На шутку, даже подкреплённую для наглядности улыбкой, Света не среагировала, зато понимающе хмыкнул водитель.
– А откуда вы…
– В журнале писали, давно, до войны ещё, – отмахнулся я с показной лёгкостью, как от чего‑то совершенно незначительного. А сам мысленно дал себе подзатыльник: опять забыл, что здесь не знают о многих, если не всех, гемотрансфузионных инфекциях, о том, что передаётся с кровью. Что до открытия гепатитов B и C, и остальных, ещё десятилетия. Что в этом святом времени, как ни странно так говорить о сороковых годах, СПИДа нет, ВИЧ не открыт, как нет и всяких жутких тропических вирусов, не говоря уж о памятной «короне», которая так перепугала мой мир. Но мне‑то это известно, и я обязан использовать эти знания.
– Поняла! – Света вытянулась, как на параде, и я вдруг подумал, что эта тощая, въедливая девчонка, которая ещё вчера бесстрашно спорила со мной, сегодня стала моим союзником. И это было хорошо и вовремя. – Сделаю, Иван Николаевич!
Она вылетела из ординаторской с той же скоростью, с какой влетела, водитель вышел немногим медленнее. А я вернулся к проклятым бумагам.
Потом в коридоре меня поймал Муртазин. Он шёл ко мне навстречу неторопливо, с видом очень ответственного человека, который собирается сказать что‑то важное, но не знает, с чего начать.
– Иван Николаевич, – его голос звучал непривычно мягко. – Я хотел бы принести извинения. За ту… накладку с товарищем Яковлевым. Сами понимаете, бдительность, военное время, сигналы…
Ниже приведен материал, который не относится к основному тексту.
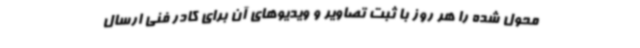
محول شده را هر روز با ثبت تصاویر و ویدیوهای آن برای کادر فنی ارسال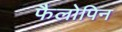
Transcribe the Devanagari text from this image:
फैलोपिन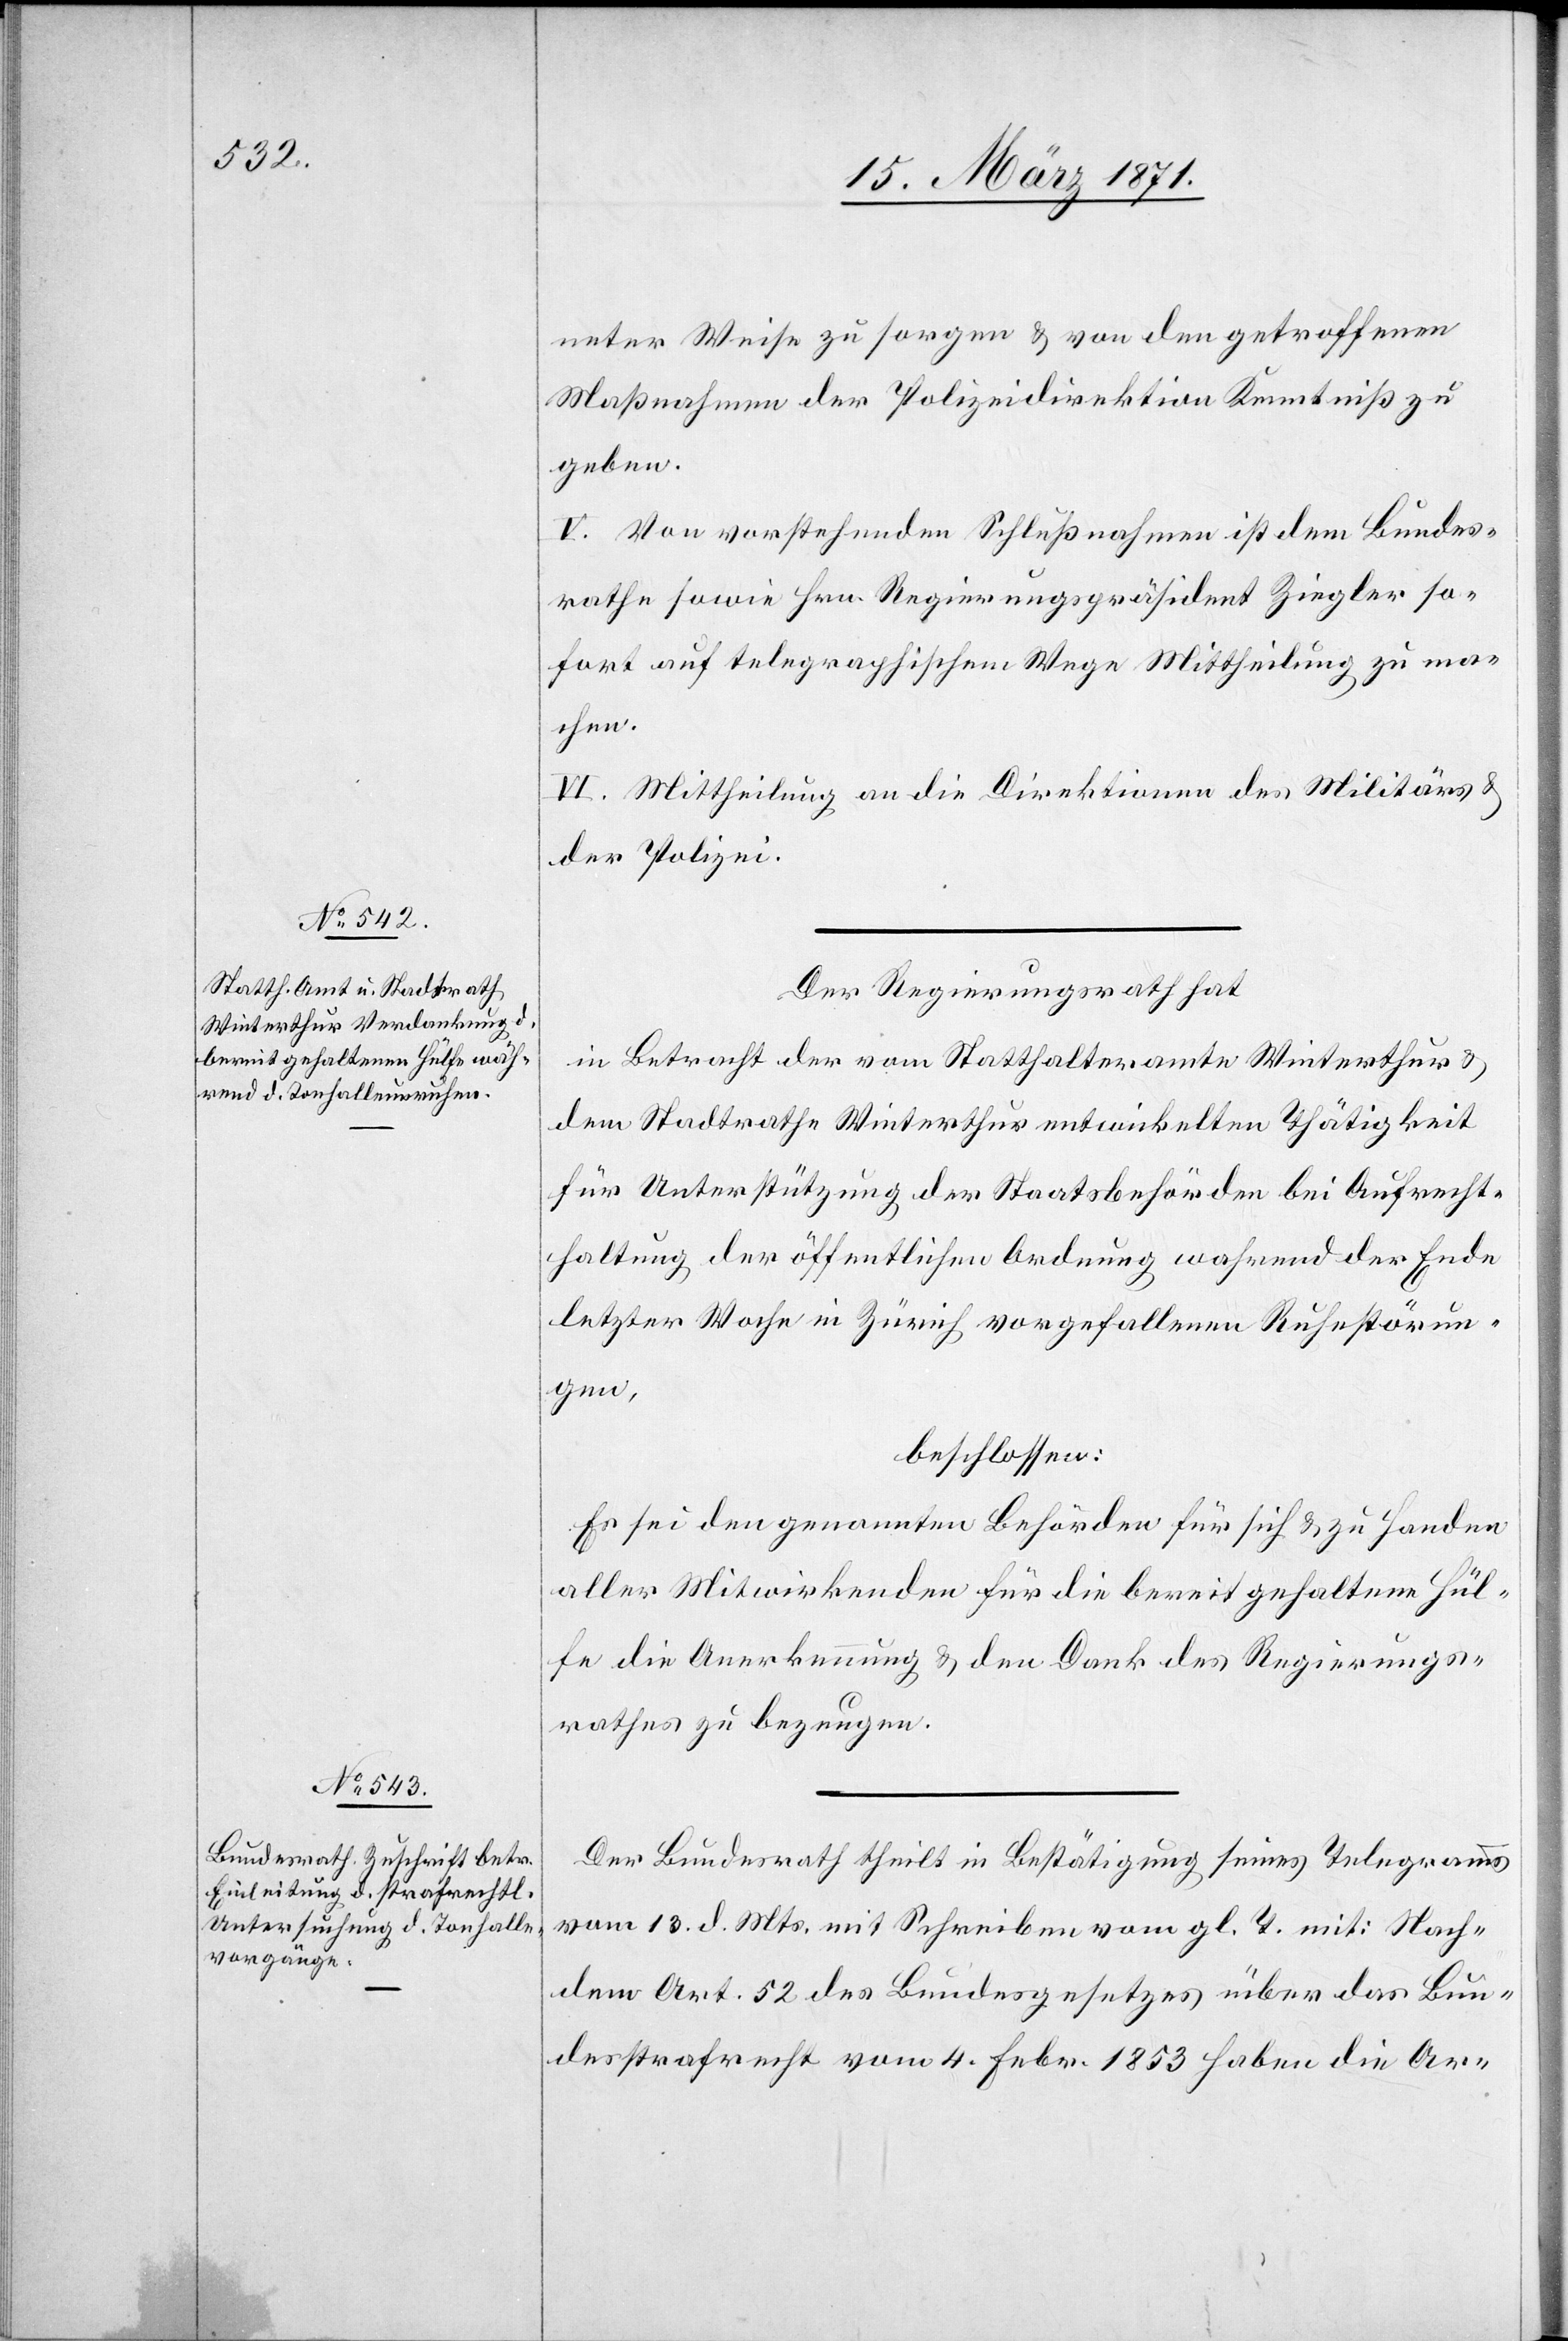
neter Weise zu sorgen u. von den getroffenen
Maßnahmen der Polizeidirektion Kenntniß zu
geben.
V. Von vorstehenden Schlußnahmen ist dem Bundes¬
rathe sowie Hrn. Regierungspräsident Ziegler so¬
fort auf telegraphischem Wege Mittheilung zu ma¬
chen.
VI. Mittheilung an die Direktion des Militärs u.
der Polizei.
Der Regierungsrath hat
in Betracht der vom Statthalteramte Winterthur u.
dem Stadtrathe Winterthur entwickelten Thätigkeit
für Unterstützung der Staatsbehörden bei Aufrecht¬
haltung der öffentlichen Ordnung während der Ende
letzter Woche in Zürich vorgefallenen Ruhestörun¬
gen,
beschlossen:
Es sei den genannten Behörden für sich u. zu Handen
aller Mitwirkenden für die bereitgehaltene Hül¬
fe die Anerkennung u. den Dank des Regierungs¬
rathes zu bezeugen.
Der Bundesrath theilt in Bestätigung seines Telegramms
vom 13. d. Mts. mit Schreiben vom gl. T. mit: Nach¬
dem Art. 52 des Bundesgesetzes über das Bun¬
desstrafrecht vom 4. Febr. 1853 haben die Ar-

– Понимаю, товарищ старший политрук, – ответил я, стараясь, чтобы голос звучал нейтрально.
Слушать и наблюдать за тем, как полнотелый кирпич извиняется, кажется, было одинаково непривычно и для меня, и для него самого.
– Как прошла беседа с товарищем майором? Надеюсь, всё… конструктивно?
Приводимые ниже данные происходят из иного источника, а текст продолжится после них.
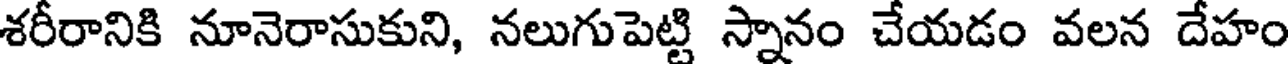
శరీరానికి నూనెరాసుకుని, నలుగుపెట్టి స్నానం చేయడం వలన దేహం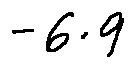
- 6 . 9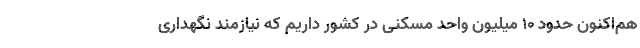
هم‌اکنون حدود 10 میلیون واحد مسکنی در کشور داریم که نیازمند نگهداری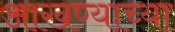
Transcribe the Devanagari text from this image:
आखण्याच्या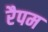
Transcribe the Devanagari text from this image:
रैपम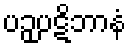
ပဉှပဋိဘာနံ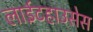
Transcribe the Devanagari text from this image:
लाईटहाउसेस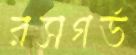
রসগর্ভ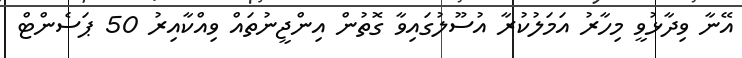
އޭނާ ވިދާޅުވީ މިހާރު އަމަލުކުރާ އުސޫލުގައިވާ ގޮތުން އިންޖީނުތައް ވިއްކާއިރު 50 ޕަސެންޓް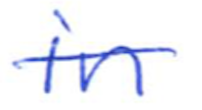
Text: in
Cross-out: single-line
Writing tool: ballpoint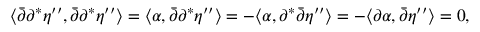
\langle { \bar { \partial } } \partial ^ { * } \eta ^ { \prime \prime } , { \bar { \partial } } \partial ^ { * } \eta ^ { \prime \prime } \rangle = \langle \alpha , { \bar { \partial } } \partial ^ { * } \eta ^ { \prime \prime } \rangle = - \langle \alpha , \partial ^ { * } { \bar { \partial } } \eta ^ { \prime \prime } \rangle = - \langle \partial \alpha , { \bar { \partial } } \eta ^ { \prime \prime } \rangle = 0 ,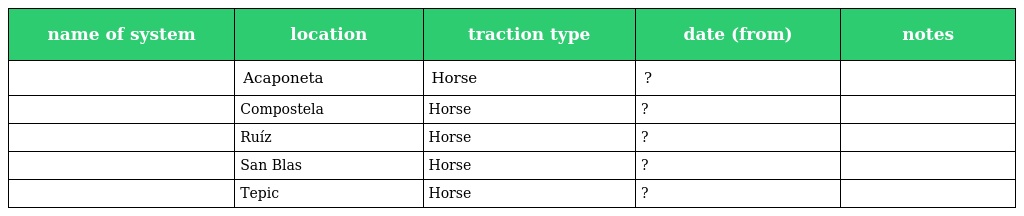
| name of system | location | traction type | date (from) | notes |
 | --- | --- | --- | --- | --- |
 |  | Acaponeta | Horse | ? |  |
 |  | Compostela | Horse | ? |  |
 |  | Ruíz | Horse | ? |  |
 |  | San Blas | Horse | ? |  |
 |  | Tepic | Horse | ? |  |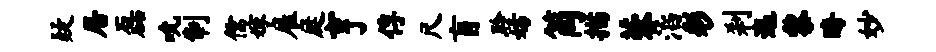
疑居磊吮制儒嫁雇庭亨俘尺盲聆妨筒描蓉滔彩刹迤黎晦妙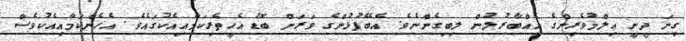
ގިނަ ދީނީ ޢިލްމުވެރިންގެ އެއްބާރުލުން ލިބިގެންނެވެ. އެބޭފުޅުންގެ ވަރަށް ބޮޑު އެހީތެރިކަމާއިއެކުގައެވެ. އެހެންކަމާއިއެކުވެސް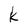
Character: k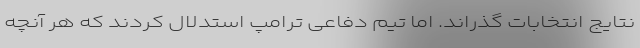
نتایج انتخابات گذراند. اما تیم دفاعی ترامپ استدلال کردند که هر آنچه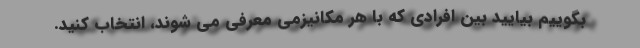
بگوییم بیایید بین افرادی که با هر مکانیزمی معرفی می شوند، انتخاب کنید.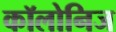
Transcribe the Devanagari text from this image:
कॉलोनिज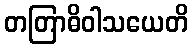
တတြာဓိဝါသယေတိ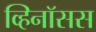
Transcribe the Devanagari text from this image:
व्हिनॉसस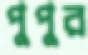
পুপুর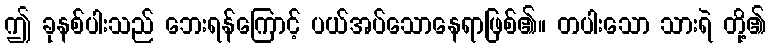
ဤ ခုနစ်ပါးသည် ဘေးရန်ကြောင့် ပယ်အပ်သောနေရာဖြစ်၏။ တပါးသော သားရဲ တို့၏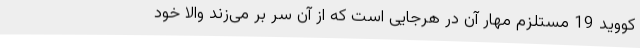
کووید 19 مستلزم مهار آن در هرجایی است که از آن سر بر می‌زند والا خود

Ну вот, недолго музыка играла. Шёл извиняться, но с непривычки снова начал «пробивать». Ну да, ну да – кто на что учился…
– Вполне, – кивнул я, сохраняя лицо строгим, без эмоций. – Мы с Семён Трофимычем нашли общих знакомых. От одного из них он даже передал мне письмо. Привет с фронта, так сказать.
Смотреть за тем, как снова светлеет окраска кирпичной стены, меняя красный на серо‑желтоватый, по‑прежнему было интересно, пусть и чисто с медицинской точки зрения. Наверное, этому тоже печоночку посмотреть‑пощупать не помешало бы. Новости о том, что у странного врача завелись общие знакомые с таким товарищем, явно выбили военкома из колеи и заставили спешно менять стратегию беседы и поведения. А я таких людей знал, им стратегию поменять – как ледоколу курс, быстро никак не получится.
– Что ж, – проговорил он, откашлявшись. – Очень рад, что недоразумение разрешилось. Желаю вам дальнейших успехов, Иван Николаевич. Если что‑то понадобится – обращайтесь, всегда рад помочь.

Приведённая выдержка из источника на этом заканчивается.